Diligence in security implementation for your Microsoft Azure resources is critical. Here are just a few of the ways you can quickly improve your security posture in Azure:
Use Security Policies
Not only can you define policies for your entire Azure subscription, you can also tailor them for each resource group based on your company’s security requirements or to the sensitivity of the data. Different resources may have different security requirements, such as applications with Personally Identifiable Information, so they may require a higher level of security. Resource groups can inherit security policies from the subscription level or be unique. Being proactive is key with security, so visit the security center and start to define those policies. Two things to consider:
- “Data collection” enables data collection for a security policy, which provides daily scanning of all supported virtual machines for security monitoring and recommendations and collection of security events for analysis and threat detection.
- “Show recommendations for” allows you to choose the security controls that you want to monitor and the recommendations that you want to see based on the security needs of the resources within the subscription.

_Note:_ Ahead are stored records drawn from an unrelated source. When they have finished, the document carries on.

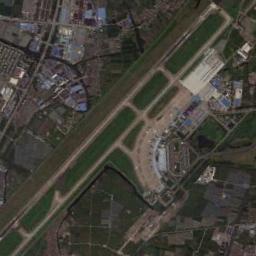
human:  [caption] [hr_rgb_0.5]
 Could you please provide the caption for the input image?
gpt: A complex airport with many runways and buildings is surrounded by a residential area and green farmland .

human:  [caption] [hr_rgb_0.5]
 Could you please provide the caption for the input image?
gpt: An airport is surrounded by many buildings .

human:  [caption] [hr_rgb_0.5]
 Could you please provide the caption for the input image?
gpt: An airport with two parallel runways on the lawn and some villages beside .

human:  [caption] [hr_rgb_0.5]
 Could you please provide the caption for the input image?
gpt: The airport was built in the middle of lush vegetation .

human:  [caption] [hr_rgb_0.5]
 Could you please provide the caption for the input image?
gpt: The runway of the airport is surrounded by buildings .

Use Security Recommendations
It’s easy to get started with your security implementation using the recommendations provided in the Security Center. The tool analyzes the security state of your Azure resources to identify potential security vulnerabilities and gives you a list of recommendations to guide you through the process of configuring needed controls. For example, a recommendation might be provisioning anti-malware to help identify and remove malicious software or configuring network security groups and rules to control traffic to VMs. To begin, click the “Recommendations” tile for the list of recommendations. Click each recommendation to view additional information or take action to resolve the issue.
Check Resource Health
The “Resource Security Health” tile shows the overall security posture of the environment by resource type including, but not limited to, VMs and web applications. By selecting a resource type, you can view more information, including a list of any potential security vulnerabilities that have been identified, allowing you to take action.
Act on Security Alerts
When threats are detected, a security alert is created. The Security Center automatically collects, analyzes, and integrates log data from your Azure resources, the network, and partner solutions like anti-malware programs and firewalls so that when threats are detected, a security alert is created. From brute force attacks to communicating with malicious IP addresses, security alerts will display a list of prioritized alerts. Selecting an alert shows more information about the attack and provides suggestions for how to remediate it.
There you have it. Four quick security wins for Azure!